• [What is expected] Go through the data below. Pull out every line that has the word "white".
Material to process START
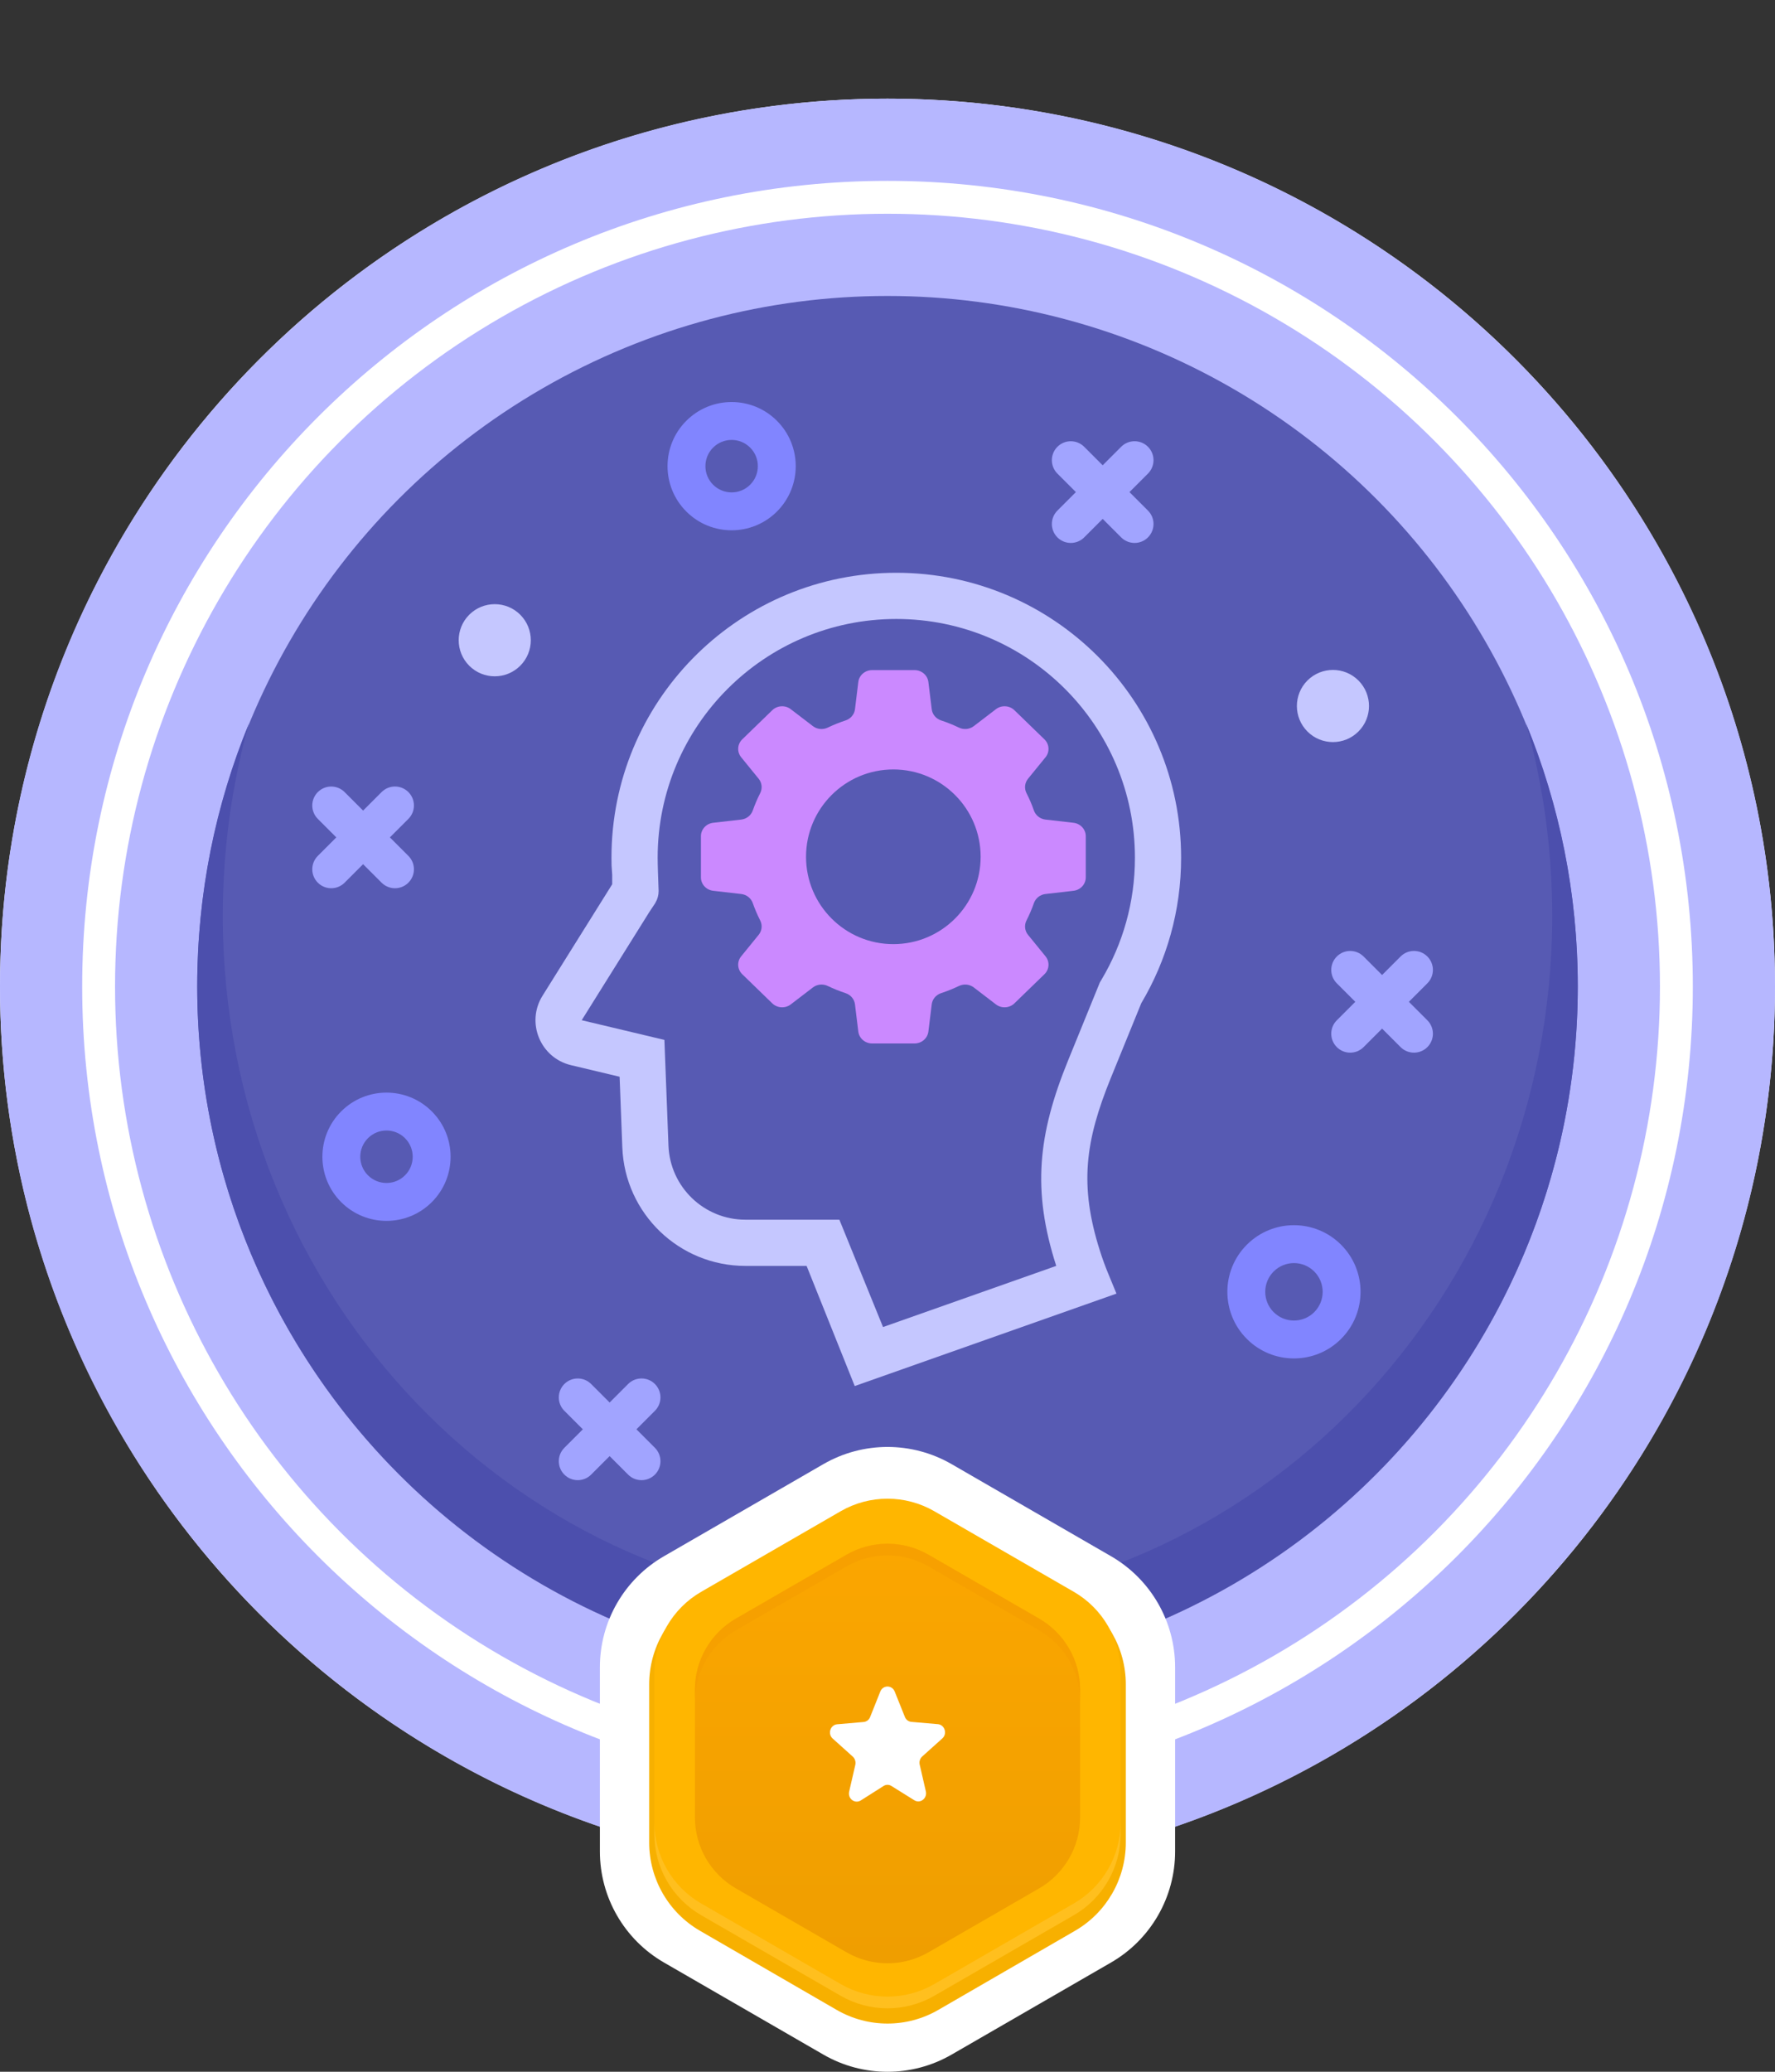 <svg width="108" height="126" viewBox="0 0 108 126" fill="none" xmlns="http://www.w3.org/2000/svg">
<rect x="0" y="0" width="108" height="126" fill="#333333" stroke="none"/>
<circle cx="54" cy="60" r="54" fill="white"/>
<path fill-rule="evenodd" clip-rule="evenodd" d="M54 114C83.823 114 108 89.823 108 60C108 30.177 83.823 6 54 6C24.177 6 0 30.177 0 60C0 89.823 24.177 114 54 114ZM54 109C81.062 109 103 87.062 103 60C103 32.938 81.062 11 54 11C26.938 11 5 32.938 5 60C5 87.062 26.938 109 54 109Z" fill="#B6B7FF"/>
<circle cx="54" cy="60" r="47" fill="#B6B7FF"/>
<circle cx="54" cy="60" r="42" fill="#575AB3"/>
<path d="M54 97.698C76.337 97.698 94.444 78.893 94.444 55.697C94.444 51.638 93.89 47.713 92.855 44C94.882 48.925 96 54.319 96 59.975C96 83.171 77.196 101.975 54 101.975C30.804 101.975 12 83.171 12 59.975C12 54.319 13.118 48.925 15.145 44C14.11 47.713 13.556 51.638 13.556 55.697C13.556 78.893 31.663 97.698 54 97.698Z" fill="#4C4FAD"/>
<path d="M50.1 89.045C52.514 87.652 55.486 87.652 57.9 89.045L67.6 94.646C70.013 96.039 71.5 98.614 71.5 101.4V112.601C71.5 115.388 70.013 117.963 67.6 119.356L57.9 124.957C55.486 126.35 52.514 126.35 50.1 124.957L40.4 119.356C37.986 117.963 36.5 115.388 36.5 112.601V101.4C36.5 98.614 37.986 96.039 40.4 94.646L50.1 89.045Z" fill="white"/>
<path d="M50.908 92.262C52.821 91.156 55.179 91.156 57.092 92.262L65.408 97.073C67.321 98.18 68.5 100.226 68.5 102.439V112.061C68.5 114.275 67.321 116.321 65.408 117.427L57.092 122.238C55.179 123.345 52.821 123.345 50.908 122.238L42.592 117.427C40.679 116.321 39.5 114.275 39.5 112.061V102.439C39.5 100.226 40.679 98.18 42.592 97.073L50.908 92.262Z" fill="#F7B000"/>
<path d="M51.151 91.91C52.914 90.893 55.086 90.893 56.848 91.91L65.335 96.81C67.098 97.828 68.184 99.709 68.184 101.744V111.544C68.184 113.579 67.098 115.46 65.335 116.478L56.848 121.378C55.086 122.395 52.914 122.395 51.151 121.378L42.664 116.478C40.902 115.46 39.816 113.579 39.816 111.544V101.744C39.816 99.709 40.902 97.828 42.664 96.81L51.151 91.91Z" fill="#FFB600"/>
<path opacity="0.5" d="M39.816 110.832V111.544C39.816 113.579 40.902 115.46 42.664 116.478L51.151 121.378C52.914 122.395 55.086 122.395 56.848 121.378L65.335 116.478C67.098 115.46 68.184 113.579 68.184 111.544V110.832C68.184 112.867 67.098 114.748 65.335 115.765L56.848 120.666C55.086 121.683 52.914 121.683 51.151 120.666L42.664 115.765C40.902 114.748 39.816 112.867 39.816 110.832Z" fill="#FFC83D"/>
<path d="M51.508 94.553C53.05 93.663 54.95 93.663 56.493 94.553L63.225 98.44C64.767 99.331 65.718 100.976 65.718 102.757V110.531C65.718 112.312 64.767 113.958 63.225 114.848L56.493 118.735C54.95 119.625 53.05 119.625 51.508 118.735L44.776 114.848C43.233 113.958 42.283 112.312 42.283 110.531V102.757C42.283 100.976 43.233 99.331 44.776 98.44L51.508 94.553Z" fill="url(#paint0_linear_1713_24305)"/>
<path opacity="0.7" d="M56.493 94.553C54.95 93.663 53.05 93.663 51.508 94.553L44.776 98.44C43.233 99.331 42.283 100.976 42.283 102.757V103.469C42.283 101.688 43.233 100.043 44.776 99.152L51.508 95.265C53.05 94.375 54.95 94.375 56.493 95.265L63.225 99.152C64.767 100.043 65.718 101.688 65.718 103.469V102.757C65.718 100.976 64.767 99.331 63.225 98.44L56.493 94.553Z" fill="#F69E00"/>
<path d="M56.112 106.826L57.336 105.727C57.653 105.443 57.483 104.897 57.063 104.859L55.456 104.721C55.279 104.705 55.124 104.59 55.058 104.421L54.439 102.877C54.276 102.469 53.724 102.469 53.561 102.877L52.942 104.429C52.876 104.598 52.721 104.713 52.544 104.728L50.937 104.867C50.517 104.905 50.347 105.451 50.664 105.735L51.888 106.834C52.021 106.957 52.08 107.141 52.043 107.325L51.667 108.962C51.571 109.392 52.013 109.723 52.374 109.5L53.753 108.624C53.908 108.524 54.092 108.524 54.247 108.624L55.626 109.484C55.987 109.715 56.429 109.377 56.333 108.947L55.957 107.31C55.92 107.133 55.979 106.949 56.112 106.826Z" fill="white"/>
<path d="M20.968 48.173C20.517 47.723 19.788 47.723 19.338 48.173C18.887 48.623 18.887 49.353 19.338 49.803L20.463 50.928L19.338 52.053C18.888 52.503 18.888 53.233 19.338 53.683C19.788 54.133 20.518 54.133 20.968 53.683L22.093 52.558L23.218 53.683C23.668 54.133 24.398 54.133 24.848 53.683C25.298 53.233 25.298 52.503 24.848 52.053L23.723 50.928L24.848 49.803C25.298 49.352 25.298 48.623 24.848 48.172C24.398 47.722 23.669 47.722 23.218 48.172L22.093 49.298L20.968 48.173Z" fill="#A1A4FF"/>
<path d="M65.968 27.173C65.517 26.723 64.788 26.723 64.338 27.173C63.888 27.623 63.888 28.353 64.338 28.803L65.463 29.928L64.338 31.053C63.888 31.503 63.888 32.233 64.338 32.683C64.788 33.133 65.518 33.133 65.968 32.683L67.093 31.558L68.218 32.683C68.668 33.133 69.398 33.133 69.848 32.683C70.298 32.233 70.298 31.503 69.848 31.053L68.723 29.928L69.848 28.802C70.298 28.352 70.298 27.623 69.848 27.172C69.398 26.722 68.668 26.722 68.218 27.172L67.093 28.298L65.968 27.173Z" fill="#A1A4FF"/>
<path d="M82.968 58.173C82.517 57.723 81.788 57.723 81.338 58.173C80.888 58.623 80.888 59.353 81.338 59.803L82.463 60.928L81.338 62.053C80.888 62.503 80.888 63.233 81.338 63.683C81.788 64.133 82.518 64.133 82.968 63.683L84.093 62.558L85.218 63.683C85.668 64.133 86.398 64.133 86.848 63.683C87.298 63.233 87.298 62.503 86.848 62.053L85.723 60.928L86.848 59.803C87.298 59.352 87.298 58.623 86.848 58.172C86.398 57.722 85.668 57.722 85.218 58.172L84.093 59.298L82.968 58.173Z" fill="#A1A4FF"/>
<path d="M31.654 37.386C32.511 38.243 32.511 39.633 31.654 40.489C30.797 41.346 29.408 41.346 28.551 40.489C27.695 39.633 27.695 38.243 28.551 37.386C29.408 36.53 30.797 36.53 31.654 37.386Z" fill="#C5C7FF"/>
<path d="M82.654 41.386C83.511 42.243 83.511 43.633 82.654 44.489C81.797 45.346 80.408 45.346 79.551 44.489C78.695 43.633 78.695 42.243 79.551 41.386C80.408 40.53 81.797 40.53 82.654 41.386Z" fill="#C5C7FF"/>
<path fill-rule="evenodd" clip-rule="evenodd" d="M43.388 27.223C42.765 27.846 42.765 28.856 43.388 29.479C44.011 30.102 45.021 30.102 45.644 29.479C46.267 28.856 46.267 27.846 45.644 27.223C45.021 26.6 44.011 26.6 43.388 27.223ZM41.758 31.109C40.235 29.586 40.235 27.116 41.758 25.593C43.281 24.07 45.751 24.07 47.274 25.593C48.797 27.116 48.797 29.586 47.274 31.109C45.751 32.632 43.281 32.632 41.758 31.109Z" fill="#8185FF"/>
<path fill-rule="evenodd" clip-rule="evenodd" d="M22.388 69.223C21.765 69.846 21.765 70.856 22.388 71.479C23.011 72.102 24.021 72.102 24.644 71.479C25.267 70.856 25.267 69.846 24.644 69.223C24.021 68.6 23.011 68.6 22.388 69.223ZM20.758 73.109C19.235 71.586 19.235 69.116 20.758 67.593C22.281 66.07 24.751 66.07 26.274 67.593C27.797 69.116 27.797 71.586 26.274 73.109C24.751 74.632 22.281 74.632 20.758 73.109Z" fill="#8185FF"/>
<path fill-rule="evenodd" clip-rule="evenodd" d="M77.495 77.33C76.813 78.013 76.813 79.119 77.495 79.801C78.177 80.483 79.284 80.483 79.966 79.801C80.648 79.119 80.648 78.013 79.966 77.33C79.284 76.648 78.177 76.648 77.495 77.33ZM75.865 81.431C74.283 79.848 74.283 77.283 75.865 75.7C77.448 74.118 80.013 74.118 81.596 75.7C83.178 77.283 83.178 79.848 81.596 81.431C80.013 83.013 77.448 83.013 75.865 81.431Z" fill="#8185FF"/>
<path d="M35.968 84.173C35.517 83.723 34.788 83.723 34.338 84.173C33.888 84.623 33.888 85.353 34.338 85.803L35.463 86.928L34.338 88.053C33.888 88.503 33.888 89.233 34.338 89.683C34.788 90.133 35.518 90.133 35.968 89.683L37.093 88.558L38.218 89.683C38.668 90.133 39.398 90.133 39.848 89.683C40.298 89.233 40.298 88.503 39.848 88.053L38.723 86.928L39.848 85.802C40.298 85.352 40.298 84.623 39.848 84.172C39.398 83.722 38.669 83.722 38.218 84.172L37.093 85.298L35.968 84.173Z" fill="#A1A4FF"/>
<path fill-rule="evenodd" clip-rule="evenodd" d="M66.919 59.754L67.026 59.573C68.314 57.407 69.055 54.877 69.055 52.165C69.055 44.146 62.554 37.645 54.535 37.645C46.516 37.645 40.015 44.146 40.015 52.165C40.015 52.297 40.017 52.428 40.02 52.559L40.034 53.062L40.074 54.191C40.074 54.435 40.01 54.675 39.888 54.886L39.836 54.975L39.523 55.444L35.394 62.047L40.426 63.245L40.673 69.675C40.77 72.19 42.837 74.179 45.353 74.179H51.072L53.728 80.708L64.267 76.989C62.789 72.393 63.153 68.996 64.988 64.494L66.919 59.754ZM66.919 76.053C67.068 76.525 67.238 76.993 67.428 77.454L67.931 78.675L52.006 84.296L49.078 76.99H45.353C41.327 76.99 38.02 73.807 37.865 69.784L37.7 65.485L34.743 64.781C32.873 64.336 31.992 62.187 33.011 60.557L37.249 53.78V53.203L37.211 52.633C37.207 52.478 37.205 52.322 37.205 52.165C37.205 52.008 37.207 51.852 37.211 51.697C37.459 42.342 45.121 34.835 54.535 34.835C64.106 34.835 71.865 42.594 71.865 52.165C71.865 55.396 70.981 58.42 69.442 61.01L67.59 65.554C66.016 69.418 65.667 72.105 66.919 76.053Z" fill="#C5C7FF"/>
<path fill-rule="evenodd" clip-rule="evenodd" d="M66.064 50.856V53.36C66.064 53.776 65.743 54.127 65.316 54.176L63.61 54.372C63.285 54.409 63.013 54.627 62.907 54.928C62.781 55.29 62.631 55.639 62.458 55.978C62.313 56.263 62.346 56.604 62.55 56.854L63.615 58.162C63.88 58.489 63.852 58.957 63.548 59.251L61.722 61.022C61.419 61.316 60.935 61.344 60.599 61.087L59.25 60.054C58.992 59.856 58.642 59.824 58.346 59.965C57.997 60.132 57.637 60.278 57.264 60.4C56.953 60.503 56.729 60.767 56.691 61.082L56.488 62.736C56.438 63.15 56.076 63.461 55.646 63.461H53.065C52.635 63.461 52.274 63.15 52.223 62.736L52.021 61.082C51.983 60.767 51.759 60.503 51.447 60.4C51.075 60.278 50.714 60.132 50.365 59.965C50.071 59.824 49.719 59.856 49.462 60.054L48.112 61.087C47.776 61.344 47.292 61.316 46.989 61.022L45.163 59.251C44.86 58.957 44.831 58.489 45.097 58.162L46.161 56.854C46.365 56.604 46.398 56.264 46.253 55.978C46.081 55.639 45.931 55.29 45.804 54.928C45.699 54.627 45.427 54.409 45.101 54.372L43.395 54.176C42.969 54.127 42.648 53.776 42.648 53.36V50.856C42.648 50.44 42.969 50.089 43.395 50.04L45.101 49.844C45.427 49.807 45.699 49.59 45.804 49.288C45.931 48.926 46.081 48.577 46.253 48.239C46.398 47.954 46.365 47.612 46.161 47.362L45.097 46.054C44.831 45.728 44.86 45.259 45.163 44.965L46.989 43.194C47.292 42.9 47.776 42.872 48.112 43.13L49.462 44.162C49.719 44.36 50.07 44.392 50.365 44.251C50.714 44.084 51.075 43.938 51.447 43.816C51.759 43.713 51.983 43.45 52.021 43.134L52.223 41.48C52.274 41.066 52.635 40.755 53.065 40.755H55.646C56.076 40.755 56.438 41.066 56.488 41.48L56.691 43.134C56.729 43.45 56.953 43.713 57.264 43.816C57.637 43.938 57.997 44.084 58.346 44.251C58.64 44.392 58.992 44.36 59.25 44.162L60.599 43.13C60.935 42.872 61.419 42.9 61.722 43.194L63.548 44.965C63.852 45.259 63.88 45.728 63.615 46.054L62.55 47.362C62.346 47.612 62.313 47.952 62.458 48.239C62.631 48.577 62.781 48.926 62.907 49.288C63.013 49.59 63.285 49.807 63.61 49.844L65.316 50.04C65.743 50.089 66.064 50.44 66.064 50.856ZM54.355 57.42C57.289 57.42 59.667 55.042 59.667 52.108C59.667 49.174 57.289 46.796 54.355 46.796C51.422 46.796 49.043 49.174 49.043 52.108C49.043 55.042 51.422 57.42 54.355 57.42Z" fill="#CB89FF"/>
<defs>
<linearGradient id="paint0_linear_1713_24305" x1="54" y1="93.885" x2="54" y2="119.403" gradientUnits="userSpaceOnUse">
<stop stop-color="#FBA600"/>
<stop offset="1" stop-color="#EF9E00"/>
</linearGradient>
</defs>
</svg>
Material to process END
• [Result below]
<circle cx="54" cy="60" r="54" fill="white"/>
<path d="M50.1 89.045C52.514 87.652 55.486 87.652 57.9 89.045L67.6 94.646C70.013 96.039 71.5 98.614 71.5 101.4V112.601C71.5 115.388 70.013 117.963 67.6 119.356L57.9 124.957C55.486 126.35 52.514 126.35 50.1 124.957L40.4 119.356C37.986 117.963 36.5 115.388 36.5 112.601V101.4C36.5 98.614 37.986 96.039 40.4 94.646L50.1 89.045Z" fill="white"/>
<path d="M56.112 106.826L57.336 105.727C57.653 105.443 57.483 104.897 57.063 104.859L55.456 104.721C55.279 104.705 55.124 104.59 55.058 104.421L54.439 102.877C54.276 102.469 53.724 102.469 53.561 102.877L52.942 104.429C52.876 104.598 52.721 104.713 52.544 104.728L50.937 104.867C50.517 104.905 50.347 105.451 50.664 105.735L51.888 106.834C52.021 106.957 52.08 107.141 52.043 107.325L51.667 108.962C51.571 109.392 52.013 109.723 52.374 109.5L53.753 108.624C53.908 108.524 54.092 108.524 54.247 108.624L55.626 109.484C55.987 109.715 56.429 109.377 56.333 108.947L55.957 107.31C55.92 107.133 55.979 106.949 56.112 106.826Z" fill="white"/>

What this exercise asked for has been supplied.